Fusionbase by default uses the standard JSON library of Python to serialize and locally store data. However, you can use the faster orjson library as a drop-in replacement.

Therefore, just install orjson and Fusionbase will automatically detect and use it.

pip install orjson

Getting Started

Got to examples to deep dive into Fusionbase and see various examples on how to use the package.

Here are some Examples for a quick start:

Data Streams

The Data Stream module lets you conveniently access data and metadata of all Data Streams. Each stream can be accessed via its unique stream id or label.

Setup

# Import Fusionbase
from fusionbase import Fusionbase

# Create a new datastream
# Provide your API Key
fusionbase = Fusionbase(auth={"api_key": "*** SECRET CREDENTIALS ***"})

# If you prefer to have extended logging output and information 
# Like a progress bar for downloading datastreams etc.
# Turn on the log 
fusionbase = Fusionbase(auth={"api_key": "*** SECRET CREDENTIALS ***"}, log=True)

# Get the datastream with the key "28654971"
data_stream_key = "28654971"
data_stream = fusionbase.get_datastream(data_stream_key)

Human readable datastream information

# Print a nice table containing the meta data of the stream
data_stream.pretty_meta_data()

Getting the data

The samples below show how to retrieve the data of a datastream as a list of dictionaries. Each element in the list represents one row within the dataset.

Note that the data can by hierarchical.

# The following returns the full datastream as a list of dictionaries
# It uses a local cache if available
data = data_stream.get_data()
print(data)

# Get always the latest data from Fusionbase
data = data_stream.get_data(live=True)
print(data)

# If you only need a subset of the columns
# You'll gain much performance by only selecting those columns
data = data_stream.get_data(fields=["NAME_OF_COLUMN_1", "NAME_OF_COLUMN_N"])
print(data)

# If you need only an excerpt of the data you can use skip and limit
# The sample below gets the 10 first rows
data = data_stream.get_data(skip=0, limit=10)
print(data)

Get Data as a pandas DataFrame

If you are working with pandas, it is probably the most convenient way to load to data directly as a pandas DataFrame.

# Load the data from Fusionbase, cache it and put it in a pandas DataFrame
df = data_stream.as_dataframe()
print(df)

# Force ignoring the cache and make sure to get the latest data
df = data_stream.as_dataframe(live=True)
print(df)

Storing the data

Large datasets potentially do not fit into the memory. Therefore, it is possible to get the data of a stream directly as partitioned files.

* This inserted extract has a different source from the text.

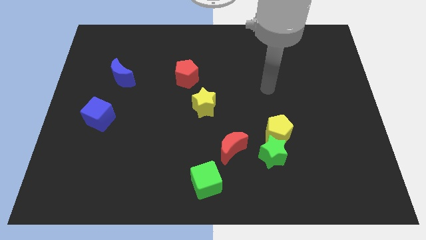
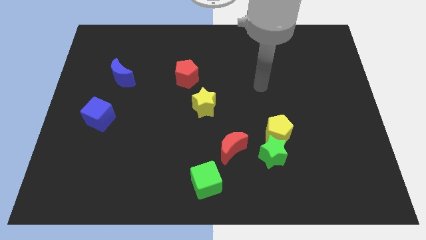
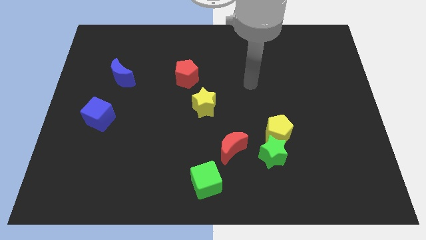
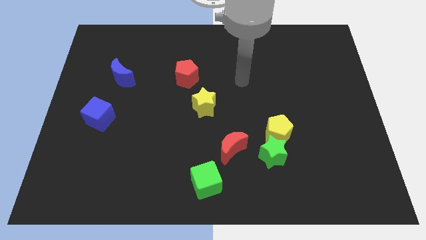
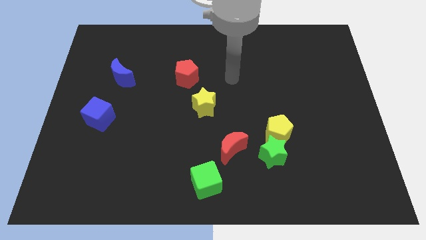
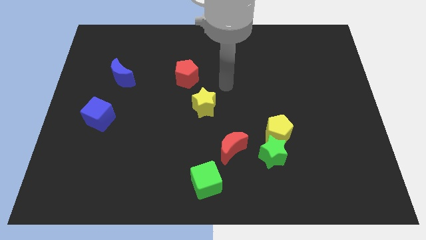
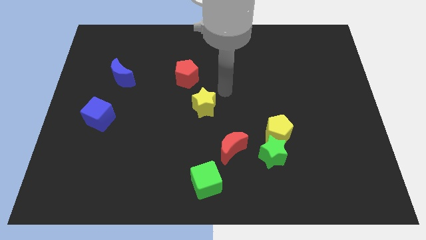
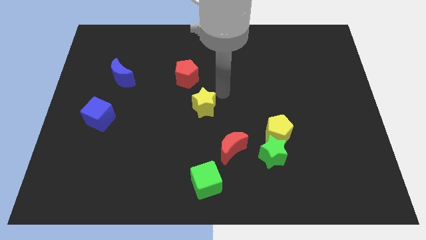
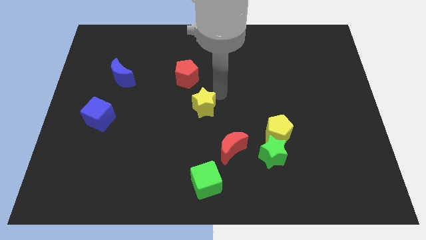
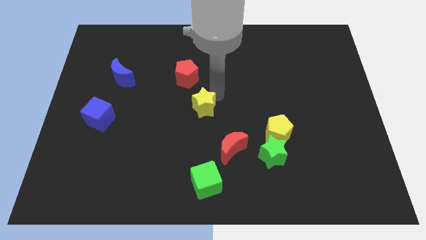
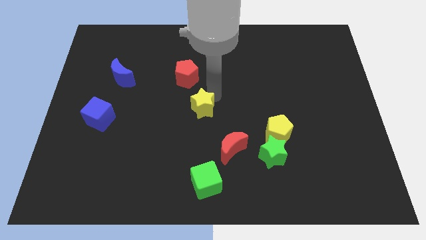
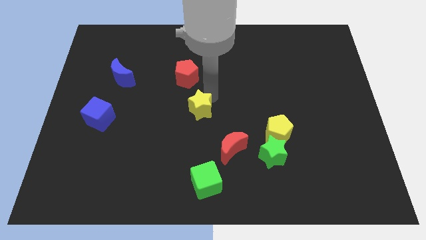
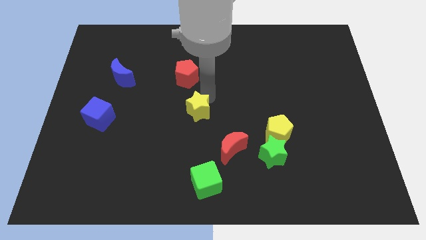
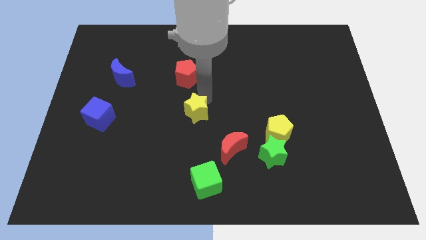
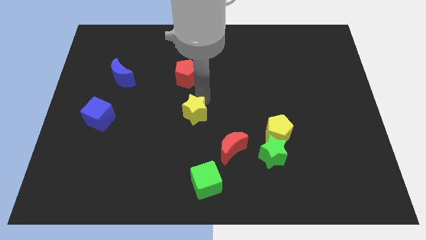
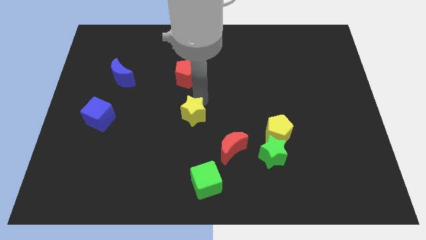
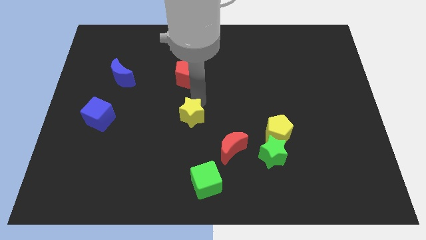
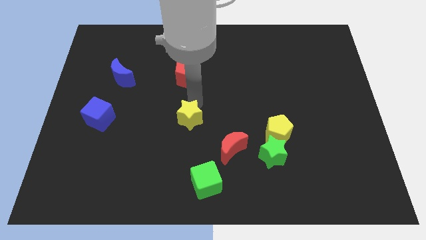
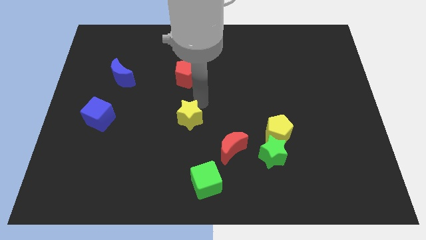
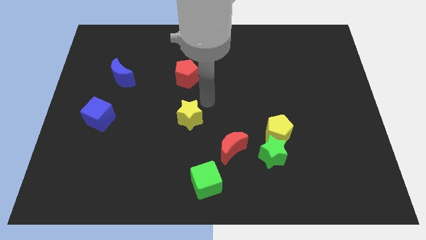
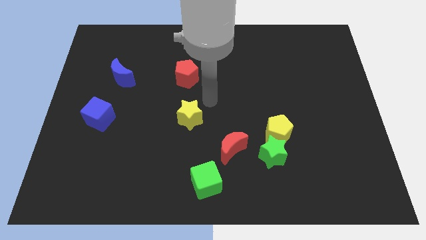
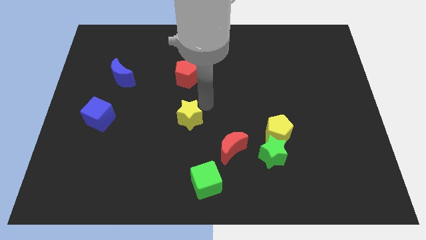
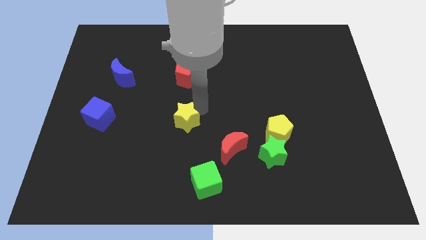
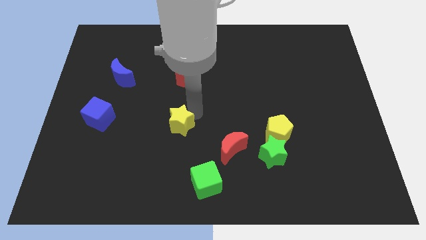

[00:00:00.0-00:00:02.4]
slightly slide the yellow star diagonally downwards and left

The folder structure is automatically created and always like ./{ID-OF-THE-STREAM}/data/*

from pathlib import Path

# Store as JSON files
data_stream.as_json_files(storage_path=Path("./data/"))

# Store as CSV files
data_stream.as_csv_files(storage_path=Path("./data/"))

# Store as Pickle files
data_stream.as_pickle_files(storage_path=Path("./data/"))

Data Services

A data service can be seen as an API that returns a certain output for a specific input. For example, our address normalization service parses an address and returns the structured and normalized parts of it.

Setup

# Import Fusionbase
from fusionbase.Fusionbase import Fusionbase

# Create a new dataservice
# Provide your API Key and the Fusionbase API URI (usually: https://api.fusionbase.com/api/v1)
fusionbase = Fusionbase(auth={"api_key": "*** SECRET CREDENTIALS ***"})

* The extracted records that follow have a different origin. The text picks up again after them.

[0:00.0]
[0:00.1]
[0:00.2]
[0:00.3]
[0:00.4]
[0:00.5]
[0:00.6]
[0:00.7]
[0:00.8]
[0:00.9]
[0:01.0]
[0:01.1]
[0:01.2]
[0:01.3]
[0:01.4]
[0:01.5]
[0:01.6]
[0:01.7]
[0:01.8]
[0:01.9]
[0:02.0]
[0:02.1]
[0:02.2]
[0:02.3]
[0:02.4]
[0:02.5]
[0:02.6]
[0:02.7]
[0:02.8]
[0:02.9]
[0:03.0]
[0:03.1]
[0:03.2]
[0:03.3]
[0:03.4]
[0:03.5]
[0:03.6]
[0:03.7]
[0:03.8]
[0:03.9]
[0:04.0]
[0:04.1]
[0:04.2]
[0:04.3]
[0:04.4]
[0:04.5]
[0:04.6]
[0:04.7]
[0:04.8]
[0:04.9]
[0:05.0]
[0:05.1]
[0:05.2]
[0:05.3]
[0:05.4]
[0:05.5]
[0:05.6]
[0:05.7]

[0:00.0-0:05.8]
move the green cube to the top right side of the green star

data_service_key = "23622632"
data_service = fusionbase.get_dataservice(data_service_key)

Human readable dataservice information:

# Retrieves the metadata from a Service by giving a Service specific key and prints it nicely to console
data_service.pretty_meta_data()

Human readable dataservice definition:

# Retrieve the request definition (such as required parameters) from a Service by giving a Service specific key and print it to console.
data_service.pretty_request_definition()

Invoke a dataservice:

# Invoke a service by providing input data

# The following lines of code are equivalent
# Services can be invoked directly by their parameter names
result = data_service.invoke(address_string="Agnes-Pockels-Bogen 1, 80992 München")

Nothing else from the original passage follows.